The mix of US exports has changed over time with much more of US exports being in terms of services rather than physical products. For example, international students pay for a college education at many colleges and universities throughout the United States. The falling birth rates in the United States have threatened to drive many small colleges and universities into bankruptcy if there were no international students to take up the slack. International students who pay full tuition are, in effect, subsidizing the college education of American students who might not otherwise be able to pay for college. By educating students from around the world, the United States is exporting an important service that benefits both parties in the transaction.
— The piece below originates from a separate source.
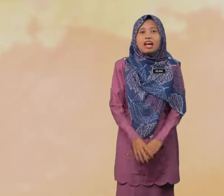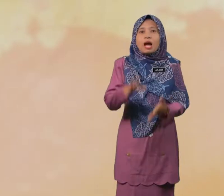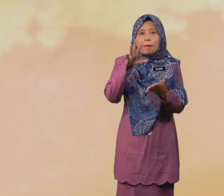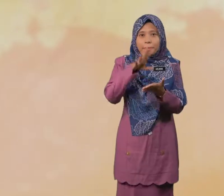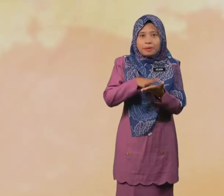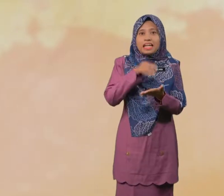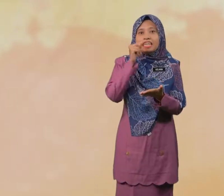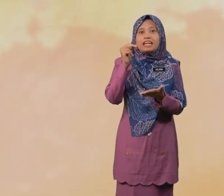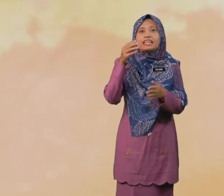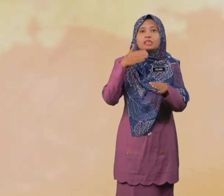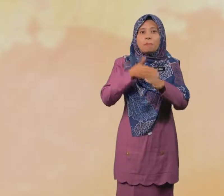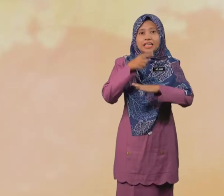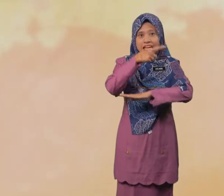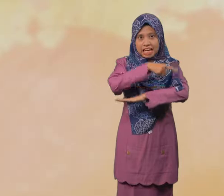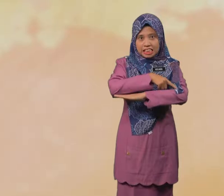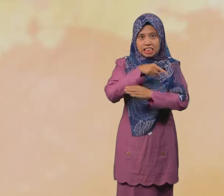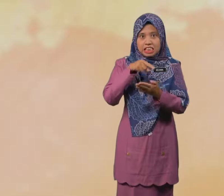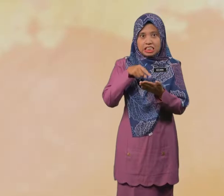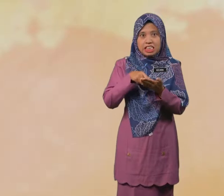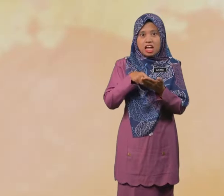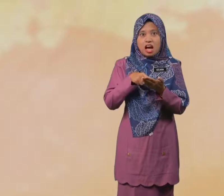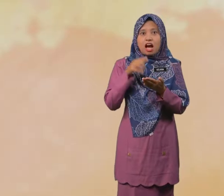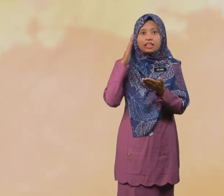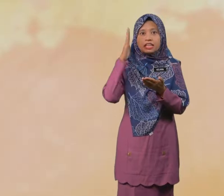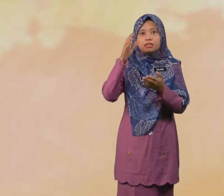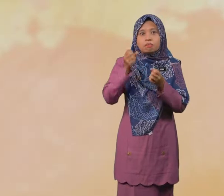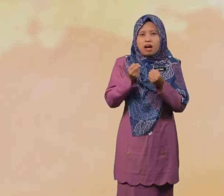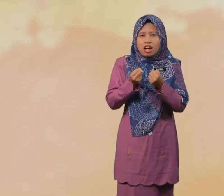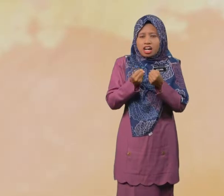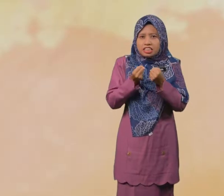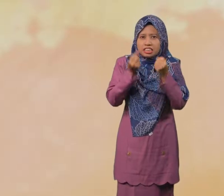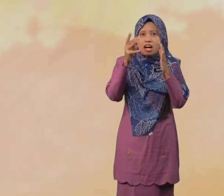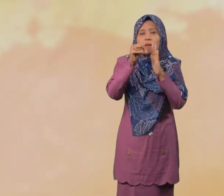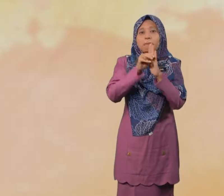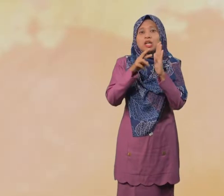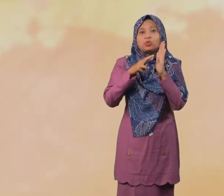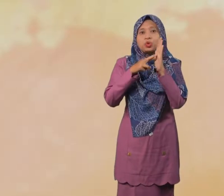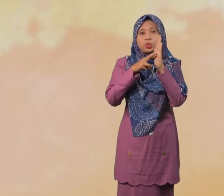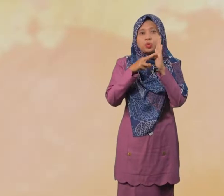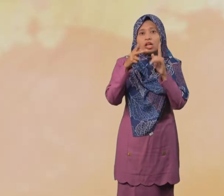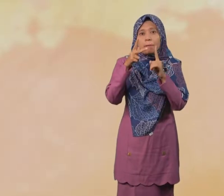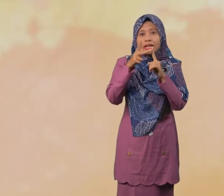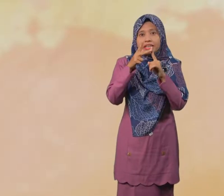Pelajaran pada hari ini akan banyak merujuk kepada

Norway has faced a “Dutch disease” problem in selling large deposits of oil and natural gas. Norway has used that money to create a government sovereign wealth fund giving its elderly citizens pension payments (instead of allowing a few wealthy oligarchs to get all the money as done in Russia). Norway has the largest sovereign wealth fund in the world. Consequently, Norway has a much lower level of income inequality than the United States. Norway’s Gini coefficient is only 0.28 compared to Russia’s Gini coefficient of 0.41 and the United States Gini coefficient of 0.47.

The problem (or advantage) for the United States is that as world trade expands, the demand for US dollars expands. If the US did nothing, the value of the US dollar would keep rising and start pricing US exports out of the international market. However, as world trade increases the US just creates more US dollars out of “thin air” to keep the value of the US dollar from rising in international currency exchange markets. This means that the US can import more products valued in terms of US dollars than it exports. The reserve currency status of the US dollar has allowed the United States to maintain an overall trade deficit with the rest of the world. In other words, the US is, in effect, “ripping off” the rest of the world in that the US gets their products without giving them an equal value of US products. People in the Unites States are getting something for nothing. The real mystery is why some politicians in the United States don’t understand this.

As long as the US can maintain enough demand for the products of other countries and continues to create more dollars out of “thin air” to keep up with world demand for US dollars, the US dollar can remain as the world’s reserve currency without the US suffering from something like the Dutch disease or the natural resource curse.